W sukni, czy nago?
Operetka to ostatni z wielkich dramatów Witolda Gombrowicza. Pisany z wieloma przerwami poprzez 15 lat, wielokrotnie poprawiany lub zupełnie zmieniany, ujrzał światło dzienne dopiero w roku 1966, na trzy lata przed śmiercią autora. To wynik podziwu Gombrowicza nad formą operetkową, będącą najbardziej skonwencjonalizowanym gatunkiem teatralnym. Łącząc w specyficzny dla siebie sposób sprzeczności i nie rezygnując z standardowego dla operetki „boskiego idiotyzmu”, udało się autorowi zamknąć w sztuce także patos, dramat ludzki i pasję.

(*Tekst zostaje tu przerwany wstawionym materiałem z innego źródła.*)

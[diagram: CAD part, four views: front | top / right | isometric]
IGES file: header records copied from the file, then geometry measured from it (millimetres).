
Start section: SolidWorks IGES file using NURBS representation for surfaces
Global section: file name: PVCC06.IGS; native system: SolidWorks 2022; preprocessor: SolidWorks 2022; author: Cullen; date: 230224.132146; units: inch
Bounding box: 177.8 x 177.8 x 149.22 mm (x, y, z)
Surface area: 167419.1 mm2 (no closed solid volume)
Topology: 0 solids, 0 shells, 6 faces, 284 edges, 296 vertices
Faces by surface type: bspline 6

Akcja inicjuje się około roku 1910, a kończy już po drugiej wojnie światowej. Głównym jej wątkiem jest fascynacja, jaką dwóch arystokratów, Firulet i Szarm, darzą młodą dziewczynę – Albertynkę. Jednak obaj konkurenci, miłośnicy mody, chcą ją wyłącznie ubierać, zamykać w formę. Albertynka zaś, pobudzona jednym dotknięciem, pragnie nagości i wyzwolenia. We wszystko zamieszanych jest dwóch złodziejaszków, rewolucjonista Hufnagiel, i projektant mody Fior.

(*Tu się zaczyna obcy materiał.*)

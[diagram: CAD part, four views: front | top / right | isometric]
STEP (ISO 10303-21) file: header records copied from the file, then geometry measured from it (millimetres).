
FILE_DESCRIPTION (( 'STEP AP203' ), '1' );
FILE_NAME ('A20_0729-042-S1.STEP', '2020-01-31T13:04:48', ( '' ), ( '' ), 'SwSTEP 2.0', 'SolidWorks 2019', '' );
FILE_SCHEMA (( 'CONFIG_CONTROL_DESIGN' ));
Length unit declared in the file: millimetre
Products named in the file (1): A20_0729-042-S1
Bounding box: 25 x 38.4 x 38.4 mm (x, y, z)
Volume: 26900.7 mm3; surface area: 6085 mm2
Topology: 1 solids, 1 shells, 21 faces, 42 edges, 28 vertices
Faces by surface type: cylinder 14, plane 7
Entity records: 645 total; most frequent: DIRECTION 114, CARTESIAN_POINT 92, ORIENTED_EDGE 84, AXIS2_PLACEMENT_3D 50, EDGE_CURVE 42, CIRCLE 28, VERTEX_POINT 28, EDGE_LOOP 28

W Operetce Gombrowiczowi ukazuje człowieka będącego w odwiecznym konflikcie między naturą a kulturą, wolnością a zniewoleniem przez obowiązującą konwencję. Jak przede wszystkim, w standardowy dla siebie sposób obnaża ludzkie ułomności.
Historia, której nie było
Witold Gombrowicz miał w zwyczaju wyrzucać rękopisy swych dzieł zaraz po ich publikacji, lecz jak w każdej regule, także i tutaj znalazło się miejsce na wyjątek. Chodzi o dwie wczesne wersje dramatu Operetka wydanego w 1966 roku. Żona pisarza przekazała te szczątkowe fragmenty Konstantemu Jeleńskiemu, który podjął się ich zredagowania i… tak powstała Historia. Ten nieszablonowy utwór jest nieocenioną pomocą przy próbach zrozumienia autobiograficznych kontekstów twórczości Gombrowicza. Oryginalność tej sztuki przejawia się także w tym, iż jest jedyną w swym rodzaju dokumentacją procesu powstawania Operetki.
„W żadnym innym utworze (nawet w Trans-Atlantyku), nie poszedł Gombrowicz tak daleko na drodze intymnej spowiedzi.[...]” — napisał o Historii odpowiedzialny za jej redakcję Jeleński.